Con el inicio del nuevo periodo legislativo, el Congreso de la República se alista para tomar una de sus primeras y más determinantes decisiones institucionales: la elección del próximo Contralor General de la República. Dentro del listado de los diez finalistas seleccionados mediante concurso público de méritos, resalta el nombre de Diana Carolina Torres García, una abogada cuya hoja de vida destaca por su combinación de rigor técnico, control territorial y disciplina institucional.
Torres García no solo cuenta con más de 15 años de trayectoria en la función pública y el derecho administrativo, sino que además posee un perfil singular: es teniente de corbeta profesional de la reserva de la Armada Nacional, rescatista aeronáutica y buzo profesional. Sin embargo, es su experiencia al frente de los entes de control en el departamento de Antioquia lo que la ubica entre las aspirantes más fuertes al cargo.
Resultados en el territorio: Hidroituango, EPM y el PAE
Durante sus pasos por las contralorías de Medellín y Antioquia, Torres García enfrentó algunos de los expedientes de control fiscal más complejos del país.

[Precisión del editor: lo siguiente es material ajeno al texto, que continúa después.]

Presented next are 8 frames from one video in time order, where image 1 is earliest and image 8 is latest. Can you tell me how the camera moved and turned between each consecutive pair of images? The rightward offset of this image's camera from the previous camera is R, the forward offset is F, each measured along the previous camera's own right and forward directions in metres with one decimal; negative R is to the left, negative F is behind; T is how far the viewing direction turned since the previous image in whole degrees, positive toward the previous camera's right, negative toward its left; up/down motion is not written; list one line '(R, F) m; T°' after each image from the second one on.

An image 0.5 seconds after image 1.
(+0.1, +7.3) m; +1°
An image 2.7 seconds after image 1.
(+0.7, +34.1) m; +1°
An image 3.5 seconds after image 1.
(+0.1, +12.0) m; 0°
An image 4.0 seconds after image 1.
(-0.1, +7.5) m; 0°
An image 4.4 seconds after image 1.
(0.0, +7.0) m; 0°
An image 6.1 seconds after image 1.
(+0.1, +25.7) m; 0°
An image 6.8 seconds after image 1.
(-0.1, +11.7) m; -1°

La candidata recordó que uno de los hitos más relevantes de su gestión departamental estuvo ligado al proyecto Hidroituango, donde el ente de control bajo su mando reportó hallazgos e irregularidades por un valor superior a los 100 millones de dólares.
Posteriormente, en el año 2020 y en pleno pico de la emergencia sanitaria por COVID-19, asumió la Contraloría General de Medellín. En ese periodo, marcado por la suspensión de términos administrativos, su equipo consolidó hallazgos fiscales por más de $35.000 millones de pesos. Las indagaciones se centraron en puntos sensibles para la ciudadanía, como la ejecución del Programa de Alimentación Escolar (PAE) y convenios internacionales celebrados por Empresas Públicas de Medellín (EPM).

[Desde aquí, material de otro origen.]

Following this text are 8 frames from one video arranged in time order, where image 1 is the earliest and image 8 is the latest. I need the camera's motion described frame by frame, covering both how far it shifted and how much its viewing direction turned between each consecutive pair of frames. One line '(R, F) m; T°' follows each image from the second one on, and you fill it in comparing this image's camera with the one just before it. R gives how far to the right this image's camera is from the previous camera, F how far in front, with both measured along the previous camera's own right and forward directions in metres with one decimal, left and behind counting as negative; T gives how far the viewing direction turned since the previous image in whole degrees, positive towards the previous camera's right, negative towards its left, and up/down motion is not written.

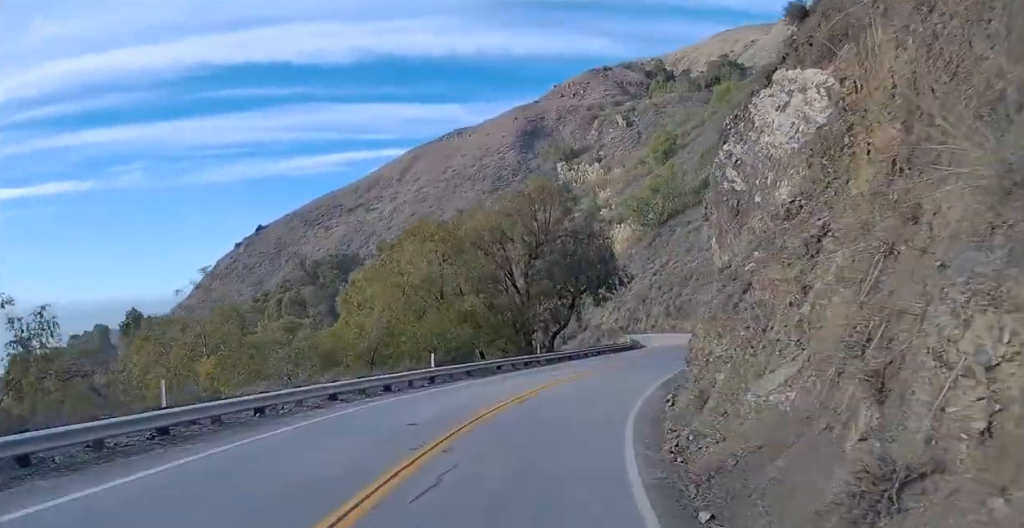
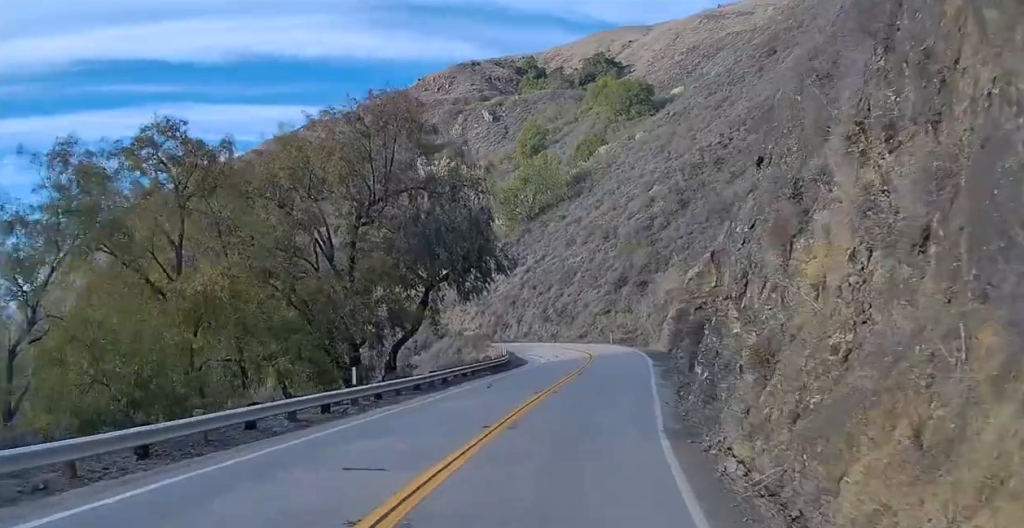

«En la Contraloría de Medellín obtuvimos hallazgos por más de 35.000 millones de pesos en temas relacionados con convenios de EPM y alimentación escolar», destacó la excontralora al hacer un balance de su paso por la capital antioqueña.
Las apuestas para el ente nacional: Regiones, tecnología y los primeros 100 días
De cara a la votación en el Congreso, Diana Carolina Torres ha estructurado una propuesta enfocada en descentralizar la vigilancia fiscal y anticiparse a la pérdida de los recursos públicos.
1. Control en las regiones olvidadas
Su principal compromiso con las bancadas parlamentarias es llevar la lupa del control fiscal a los territorios apartados donde la presencia institucional ha sido históricamente precaria. Propone una articulación técnica con las comunidades y los legisladores locales para garantizar que las inversiones estatales se ejecuten de manera transparente.
2. Prioridad en Salud e Infraestructura
Para los primeros 100 días de gestión, en caso de ser elegida, propone concentrar las auditorías en la reactivación de obras inconclusas —los denominados «elefantes blancos»— y en el seguimiento riguroso al flujo de caja y la destinación de los fondos del sistema de salud a nivel nacional.
3. Vigilancia preventiva con analítica de datos
Frente al modelo tradicional de control posterior, busca potenciar el uso de tecnología avanzada y analítica de datos para realizar un seguimiento en tiempo real, evitando el desvío de capitales antes de que los contratos sean liquidados.
Autonomía e independencia política
En un proceso de elección minuciosamente fiscalizado por la opinión pública, la candidata ha sido enfática respecto a su independencia frente a sectores políticos y antiguos directivos de la entidad. Aunque laboró en la Contraloría Delegada para el Sector Regalías bajo la administración saliente de Carlos Hernán Rodríguez, ha reiterado que su postulación responde exclusivamente a su mérito profesional y a su carrera técnica, desmarcándose de cualquier padrino o acuerdo partidista.
Con las hojas de vida sobre la mesa, el Congreso de la República definirá en las próximas semanas si opta por un perfil eminentemente técnico e institucional para custodiar las arcas públicas de la Nación durante los próximos cuatro años.